[SECURITY UPDATE] Treasury Protection & Governance Transition: What We Did and Why
TL;DR
Tally, the platform powering Gitcoin’s on-chain governance execution, is shutting down. In parallel, a security review identified a structural vulnerability in our current governance architecture that could expose treasury assets to attack. In response, the Gitcoin Foundation and DAO coordinated a pre-emptive protective measure: liquid treasury assets have been moved to a new Safe multisig. Governance signaling continues as normal. This post explains what happened, why, and what comes next.
Background: Two Converging Pressures
In mid-March 2026, Tally announced it would wind down operations after six years, having powered on-chain governance for over 500 DAOs including Uniswap and Arbitrum. This created an immediate operational necessity for Gitcoin: our governance execution layer needed to migrate regardless of any other considerations.
Concurrently, a security review surfaced a known class of governance vulnerability that our current architecture does not protect against. The combination of these two factors created a time-sensitive window that warranted action outside the standard governance cadence.
The Vulnerability
Gitcoin’s current governance model operates on token-weighted voting with timelock execution. This design, common across DAOs, has a structural asymmetry:
- An attacker needs only one successful proposal to execute an irreversible treasury action
- Defense requires continuous monitoring and timely coordinated response
- There is currently no execution-layer veto or circuit breaker
If quorum can be reached at a cost lower than the value of assets controlled, governance becomes economically attackable. Publicly announcing this vulnerability through a standard governance proposal, with its associated timelock, would have created a window for exploitation before mitigation could be completed. We would, in effect, be advertising the attack vector to potential bad actors at the precise moment we were most exposed.
What We Did
Phase 1: Immediate Action (In Progress)
- Liquid treasury assets have been transferred from the on-chain Governor contract to a new Safe multisig (4-of-5 signers)
- The multisig is modeled on Gitcoin’s existing matching pool custody structure, with trusted, distributed signers
- On-chain governance proposals remain active and continue to function as signaling and instruction to the multisig
- No changes have been made to DAO governance structure or voting mechanisms
Why This Was Done Without a Vote
The Foundation’s governing documents address this scenario directly. Article 2, Section 4 restricts the Foundation from allocating or distributing DAO treasury assets without a DAO Resolution — but this action is a protective custody transfer, not an allocation or distribution. No funds are being spent or disbursed. Article 5, Section 7’s use of the word “disbursements” specifically implies spending, not custodial movement for protection.
Separately, Article 2, Section 4(b) permits the Foundation to act without a DAO Resolution to comply with legal or other core requirements. Tally’s shutdown constitutes exactly that kind of independent operational necessity.

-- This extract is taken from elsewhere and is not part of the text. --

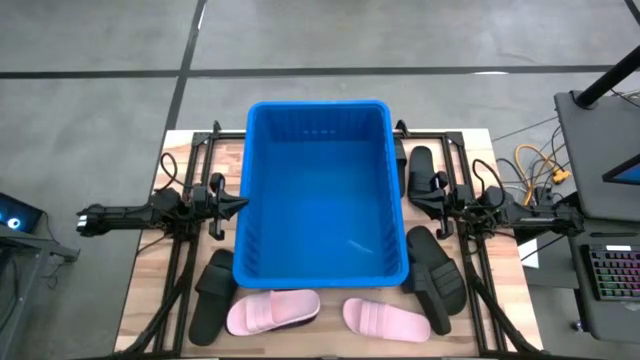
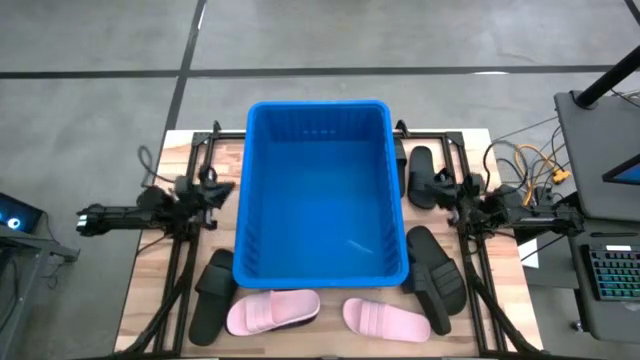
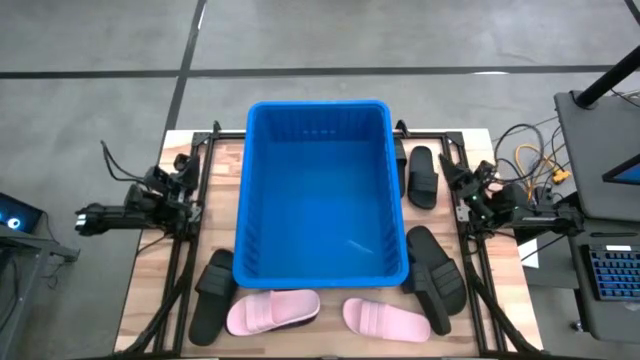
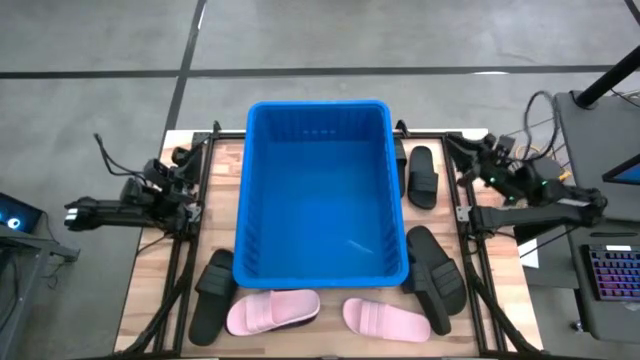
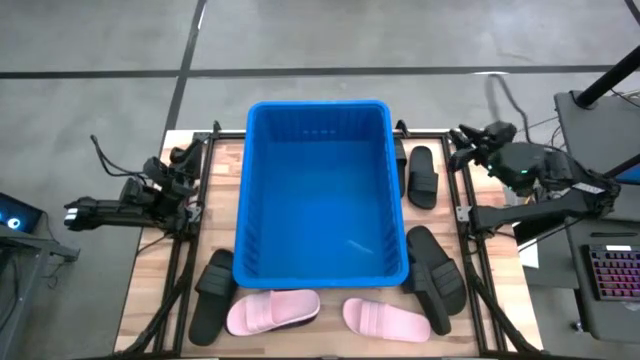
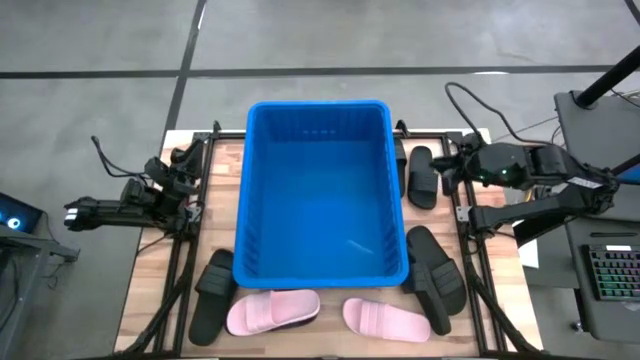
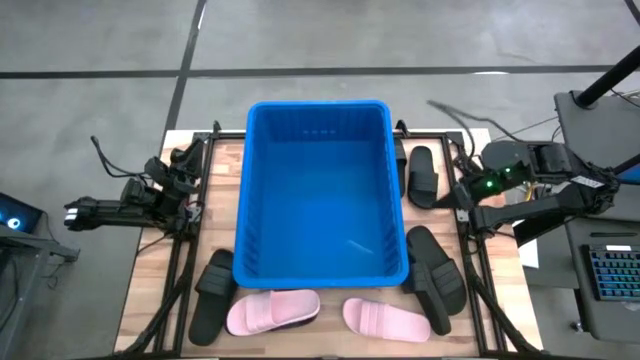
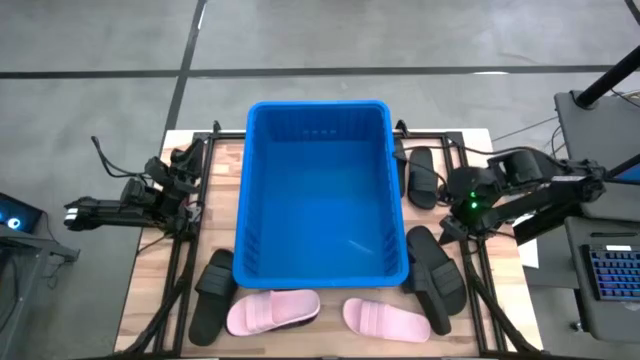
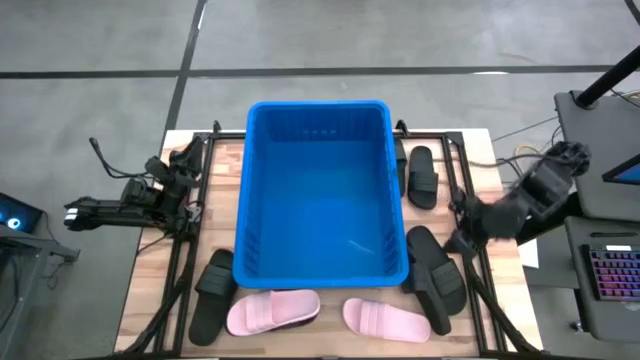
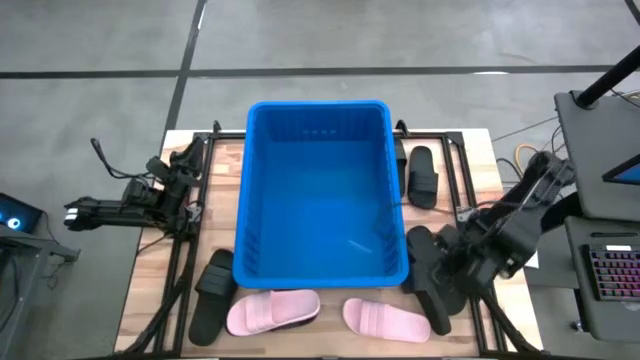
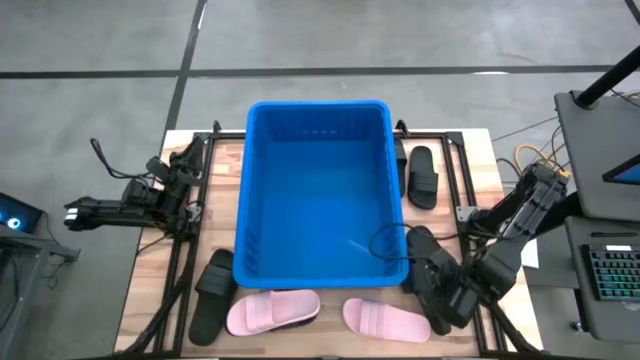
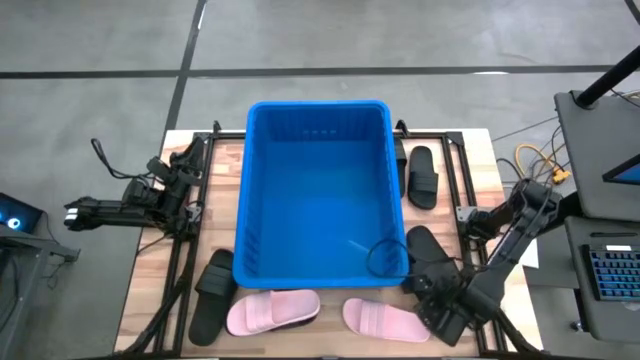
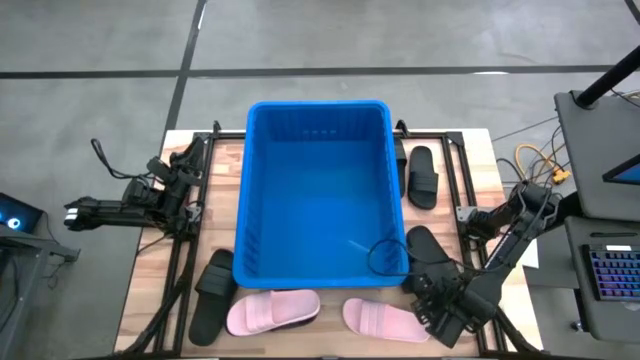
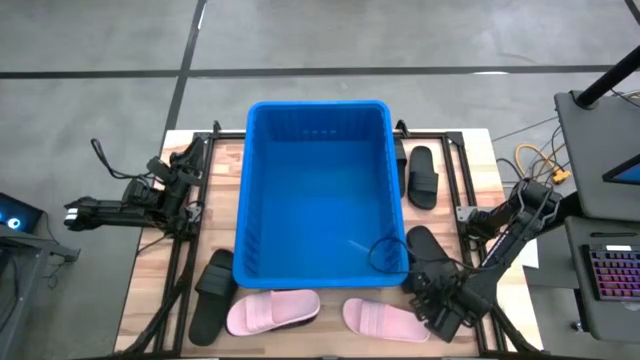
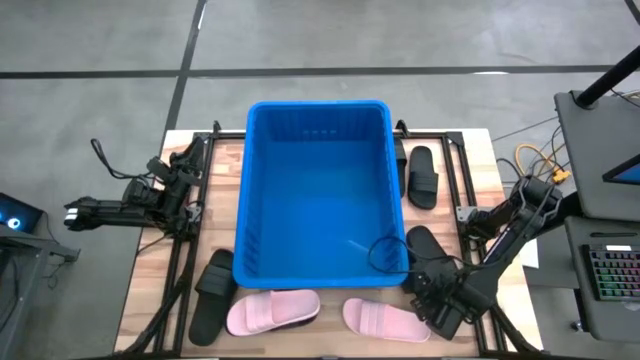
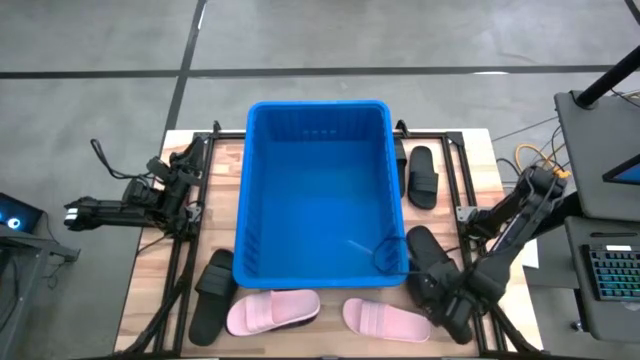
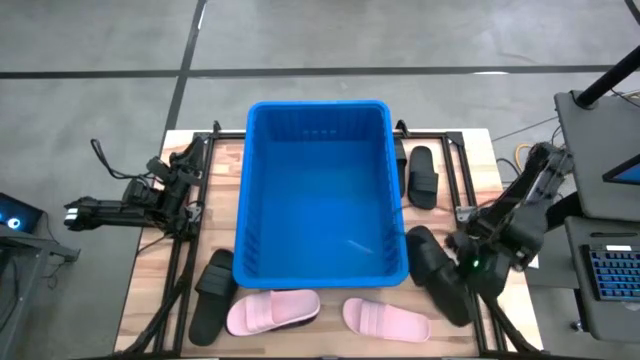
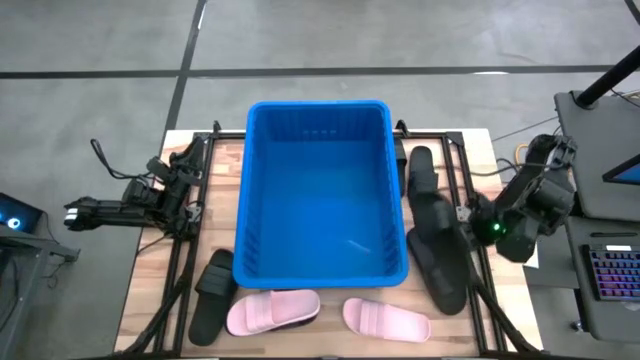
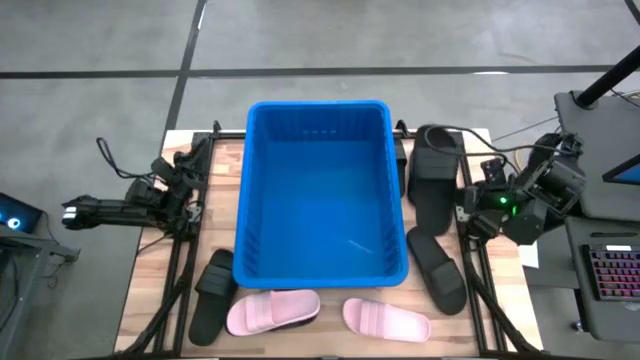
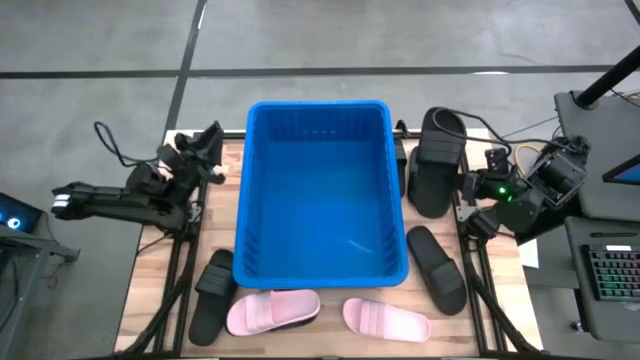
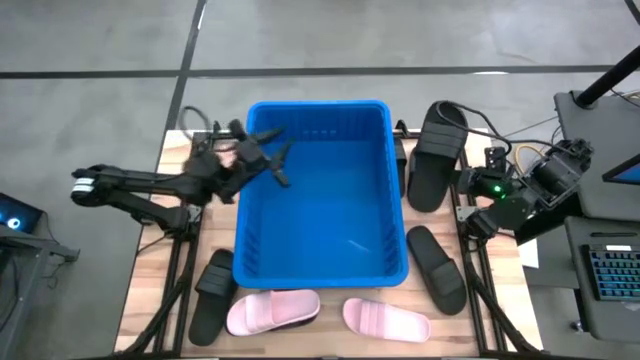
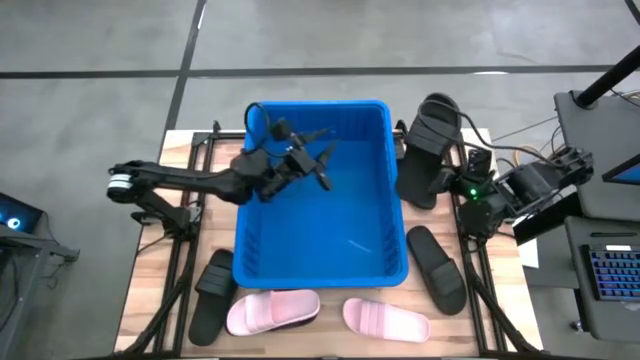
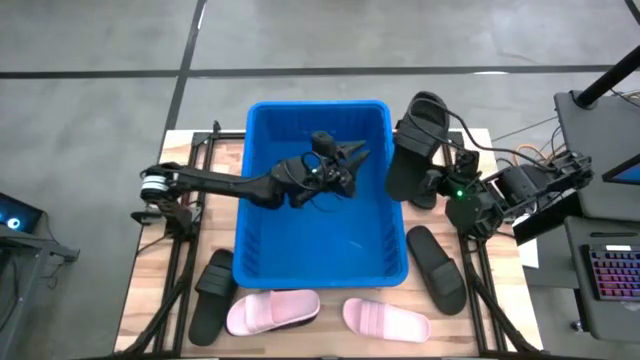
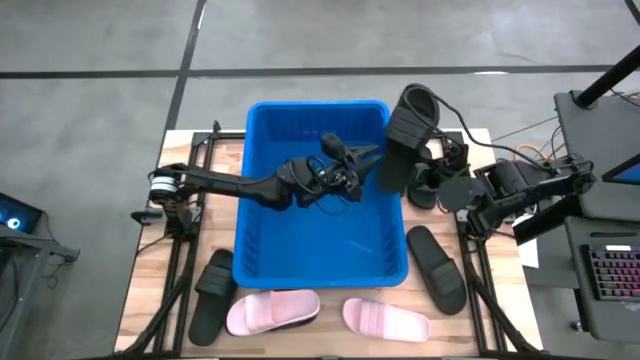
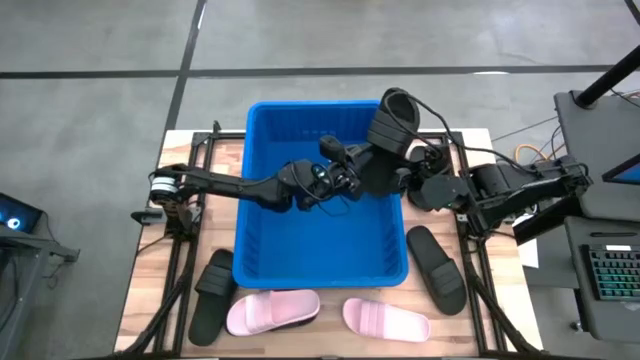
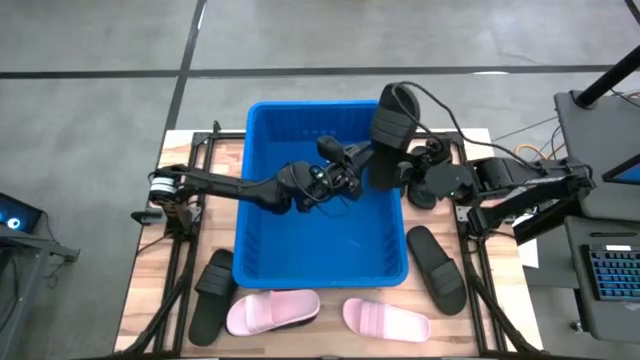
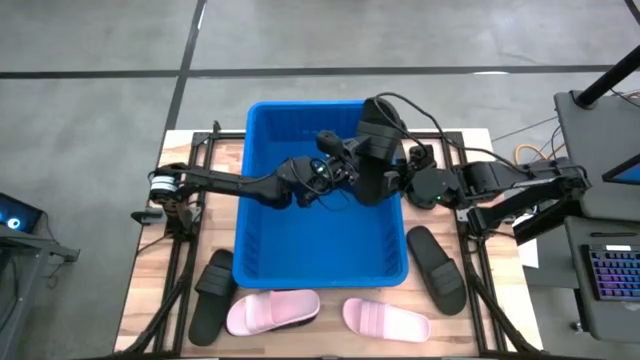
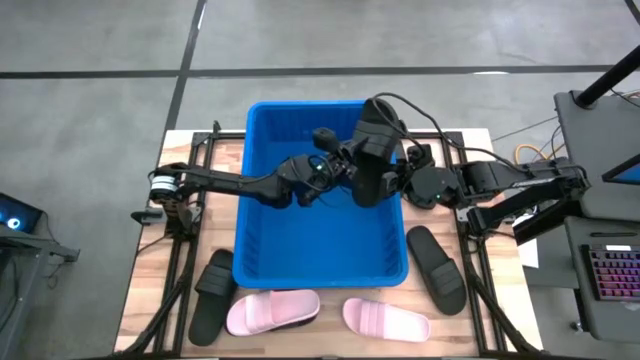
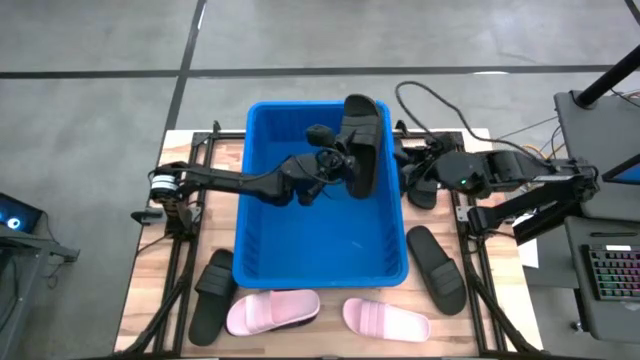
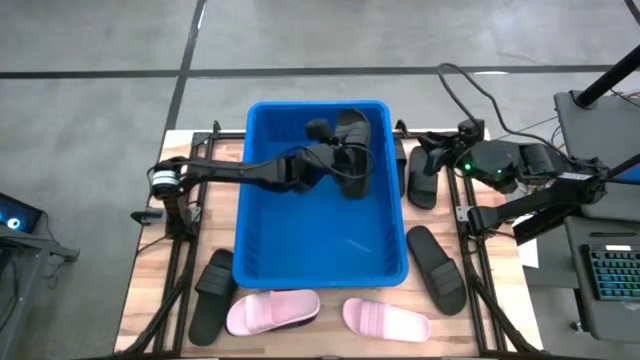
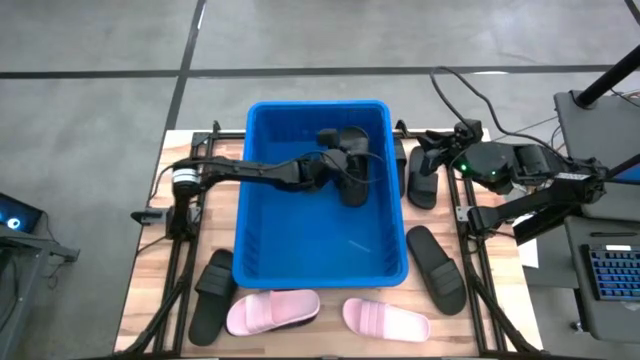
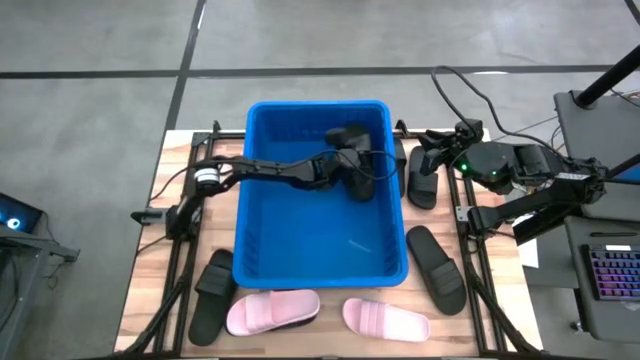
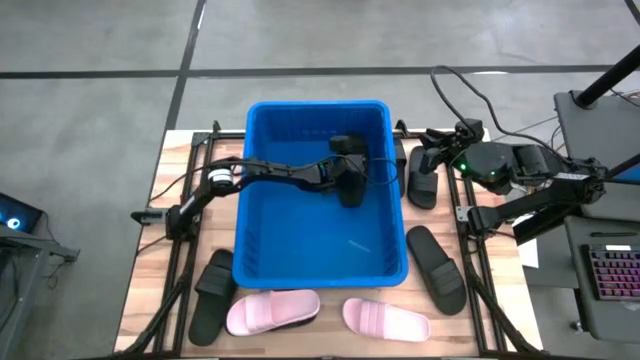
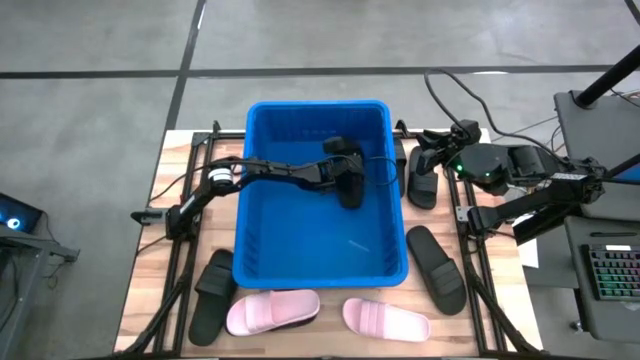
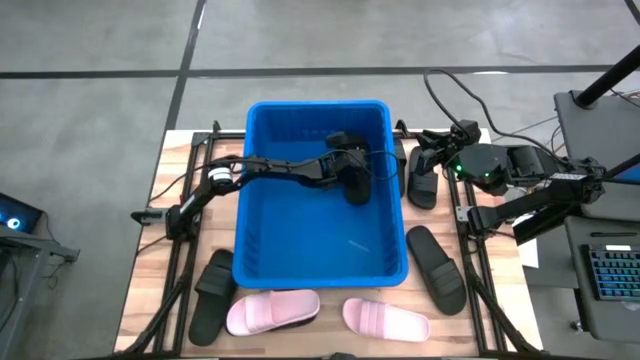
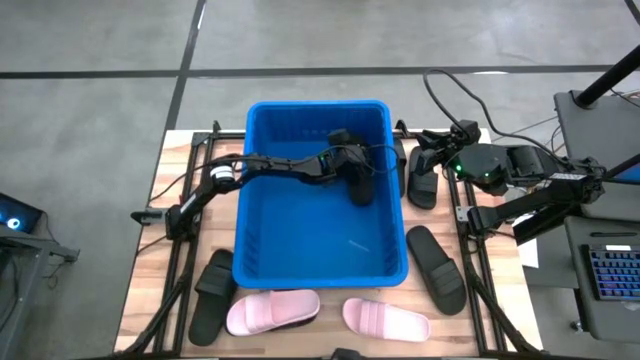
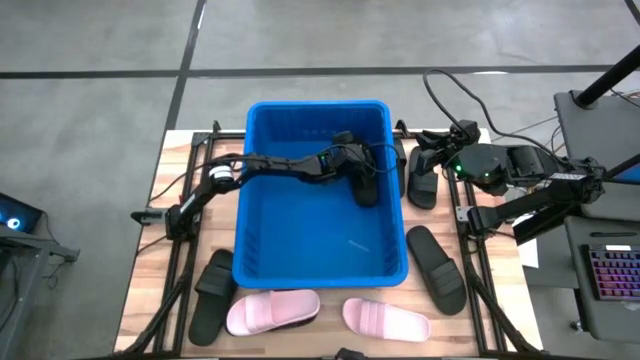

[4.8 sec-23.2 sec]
Task: Pick and place slides into bin
Put the black slides into the blue organizer bin

This action has been flagged as appropriate under the Foundation Constitution and reflects the fiduciary responsibility embedded in steward and Foundation roles.
Tradeoffs We’re Accepting
This is not a framing-free decision, and the community deserves transparency about what we’re trading:
- We are temporarily introducing a trusted execution layer
- Pure automatic on-chain execution is reduced in the short term
- The multisig represents a centralization point that would not be acceptable as a permanent state
We believe this tradeoff is correct: protecting treasury assets takes precedence over automation under current threat conditions. This is a temporary bridge, not a destination.
What Comes Next
Phase 2: Governance Hardening
We will move toward a structurally improved governance system. The work ahead includes:
- Timelock improvements and extended reaction windows
- Execution guardrails and circuit breakers at the protocol level
- Scoped treasury permissions and rate limits
- Spending controls that constrain proposal impact
- Optionally delegate the GTC in the treasury to the multisig
Path Forward
- Near term: Multisig provides execution protection while governance tooling migrates away from Tally
- Medium term: Hybrid governance with constitutional updates and execution guardrails
- Long term: Return to fully on-chain execution once the vulnerability class is structurally mitigated
As governance hardens, the multisig will transition to an emergency backstop function, or be removed entirely.
Governance Continuity
To be explicit: governance is still active. Stewards and token holders continue to signal intent through proposals. The multisig executes in accordance with those signals. The community’s voice in directing resources and priorities is unchanged.
Further updates will follow as Phase 2 work progresses. A formal governance hardening plan will be shared for community input before implementation.
Questions and feedback welcome in this thread.